Write out each record below exactly, but not the pictures.

Dataset records:
--- START ---

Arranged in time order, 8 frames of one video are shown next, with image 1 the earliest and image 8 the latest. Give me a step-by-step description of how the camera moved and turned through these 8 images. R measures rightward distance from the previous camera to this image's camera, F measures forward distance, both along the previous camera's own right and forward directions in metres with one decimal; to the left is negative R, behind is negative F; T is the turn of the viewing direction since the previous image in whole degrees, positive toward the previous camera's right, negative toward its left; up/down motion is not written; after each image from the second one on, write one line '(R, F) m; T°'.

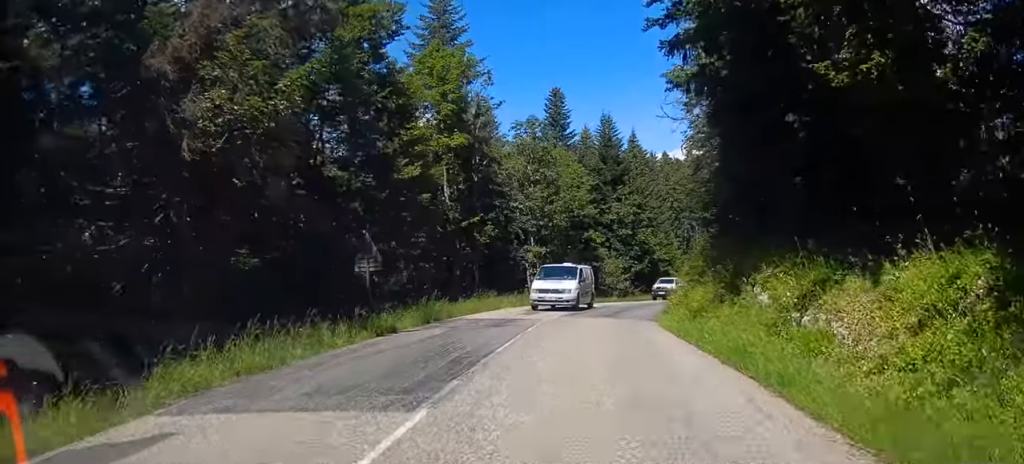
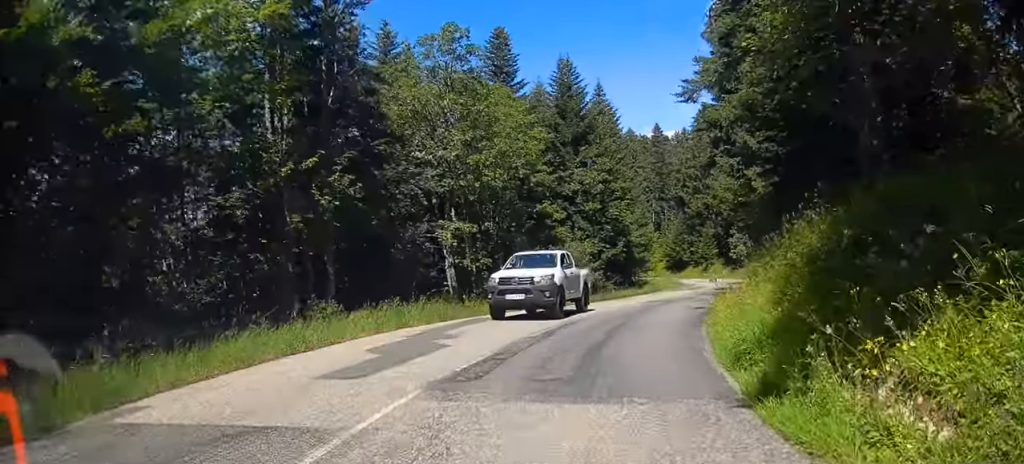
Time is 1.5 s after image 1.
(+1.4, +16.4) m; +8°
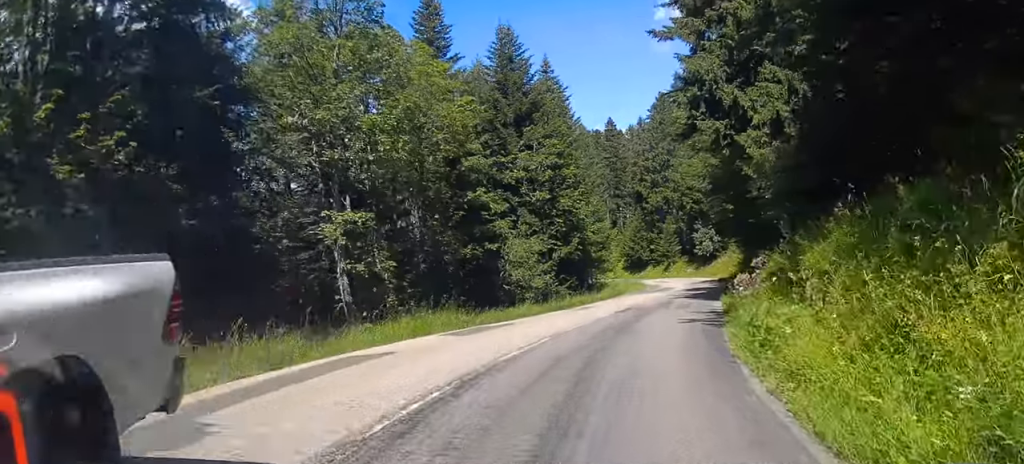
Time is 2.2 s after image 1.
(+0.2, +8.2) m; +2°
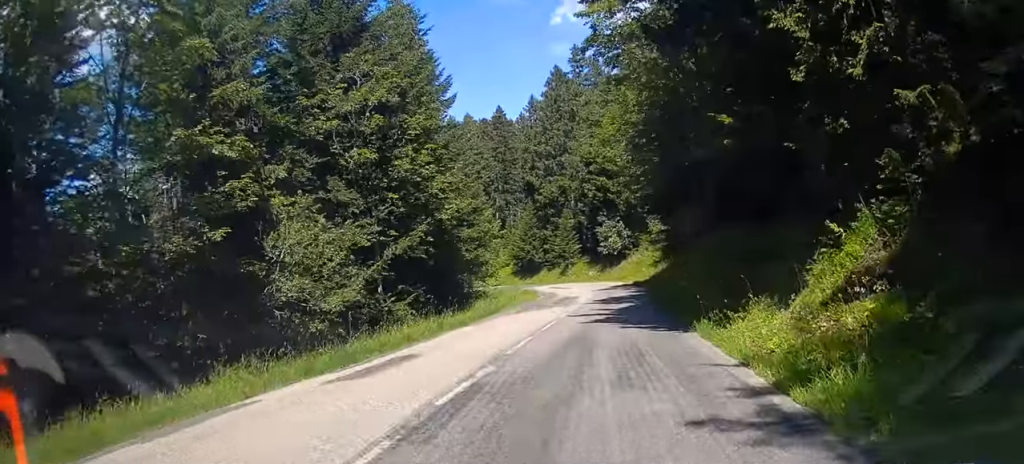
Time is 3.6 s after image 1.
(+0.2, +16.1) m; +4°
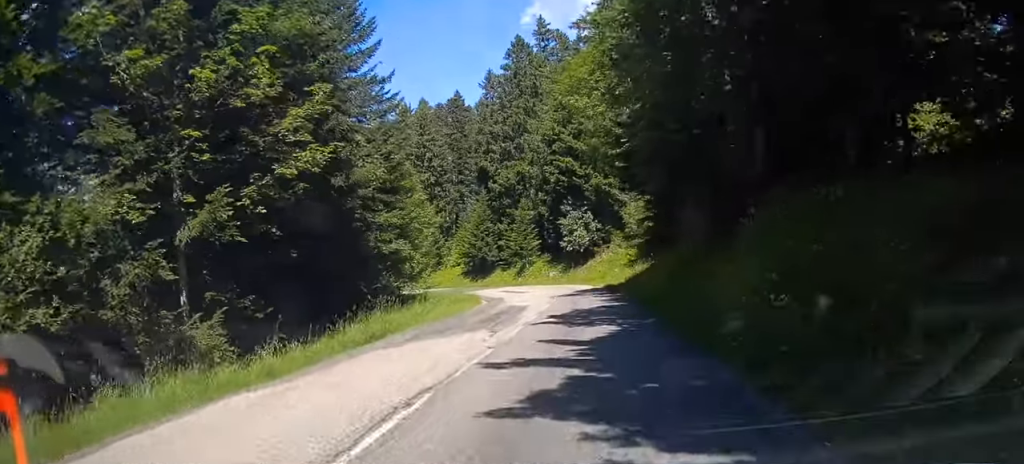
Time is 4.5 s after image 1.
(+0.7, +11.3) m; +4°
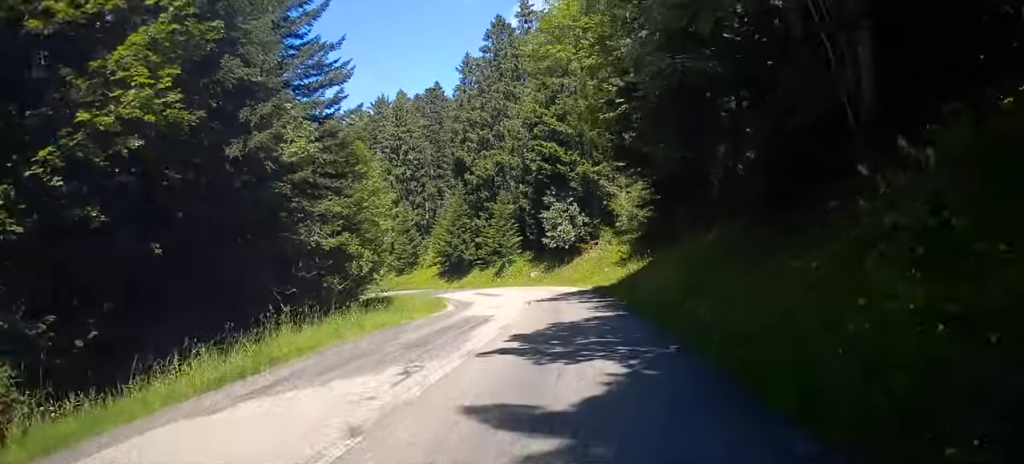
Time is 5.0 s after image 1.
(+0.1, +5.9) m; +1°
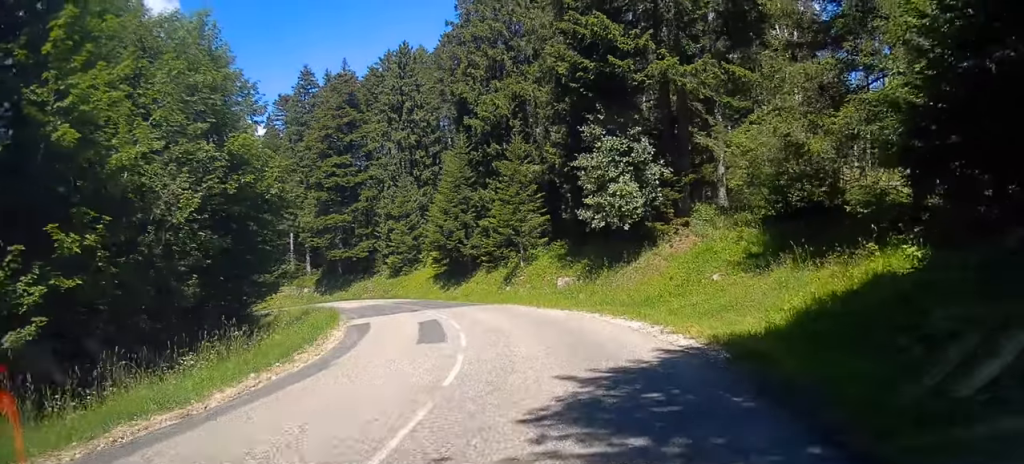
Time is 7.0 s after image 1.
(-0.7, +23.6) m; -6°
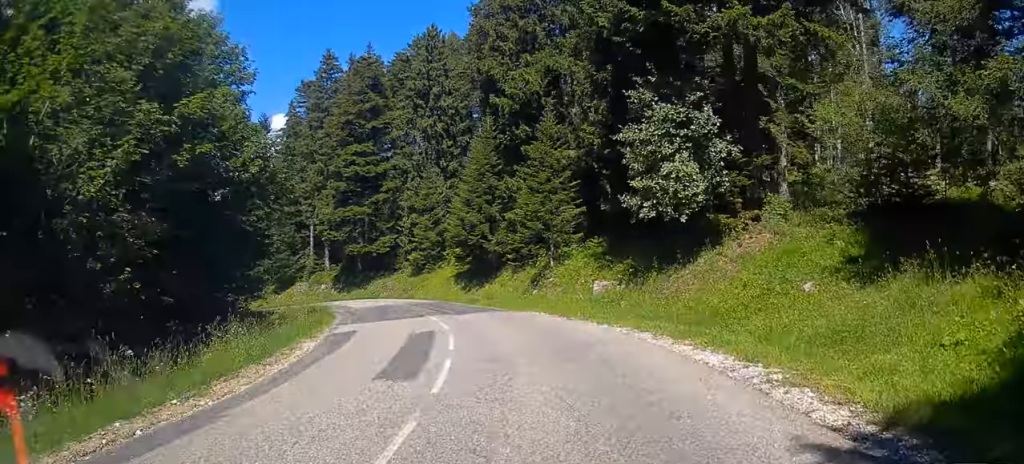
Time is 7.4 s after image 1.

--- END ---

Exercise response:
Arranged in time order, 8 frames of one video are shown next, with image 1 the earliest and image 8 the latest. Give me a step-by-step description of how the camera moved and turned through these 8 images. R measures rightward distance from the previous camera to this image's camera, F measures forward distance, both along the previous camera's own right and forward directions in metres with one decimal; to the left is negative R, behind is negative F; T is the turn of the viewing direction since the previous image in whole degrees, positive toward the previous camera's right, negative toward its left; up/down motion is not written; after each image from the second one on, write one line '(R, F) m; T°'.

Time is 1.5 s after image 1.
(+1.4, +16.4) m; +8°
Time is 2.2 s after image 1.
(+0.2, +8.2) m; +2°
Time is 3.6 s after image 1.
(+0.2, +16.1) m; +4°
Time is 4.5 s after image 1.
(+0.7, +11.3) m; +4°
Time is 5.0 s after image 1.
(+0.1, +5.9) m; +1°
Time is 7.0 s after image 1.
(-0.7, +23.6) m; -6°
Time is 7.4 s after image 1.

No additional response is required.